Task requirements: Reproduce the entries shown below only from the line with "Q: Is the text underlined? A: No." down to the line with "Q: Is the spacing between lines", keeping both end lines and copying each one exactly.

Exercise data:
____________

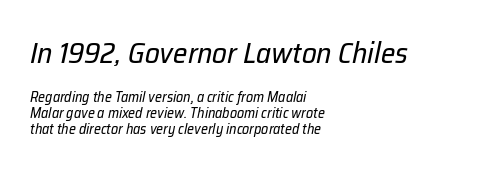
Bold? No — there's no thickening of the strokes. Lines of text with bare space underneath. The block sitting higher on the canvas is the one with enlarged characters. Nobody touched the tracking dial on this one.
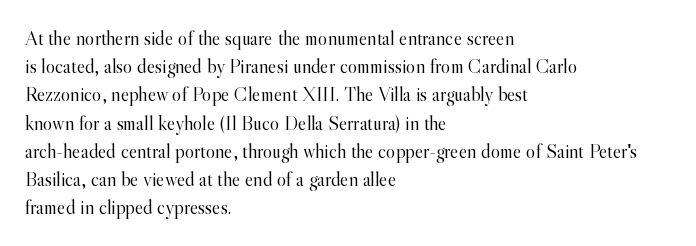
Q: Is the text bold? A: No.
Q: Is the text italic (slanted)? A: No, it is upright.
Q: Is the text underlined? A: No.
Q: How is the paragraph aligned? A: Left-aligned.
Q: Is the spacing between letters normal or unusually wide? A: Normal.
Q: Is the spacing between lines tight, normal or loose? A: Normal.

____________

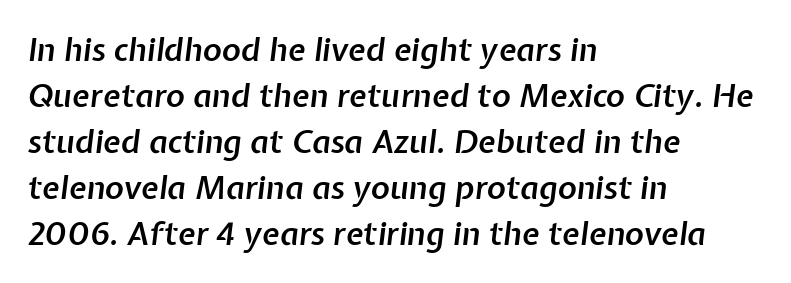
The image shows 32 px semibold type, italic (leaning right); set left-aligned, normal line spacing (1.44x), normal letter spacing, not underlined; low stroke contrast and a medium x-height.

____________

Answer to this exercise:
Q: Is the text underlined? A: No.
Q: How is the paragraph aligned? A: Left-aligned.
Q: Is the spacing between letters normal or unusually wide? A: Normal.
Q: Is the spacing between lines tight, normal or loose? A: Normal.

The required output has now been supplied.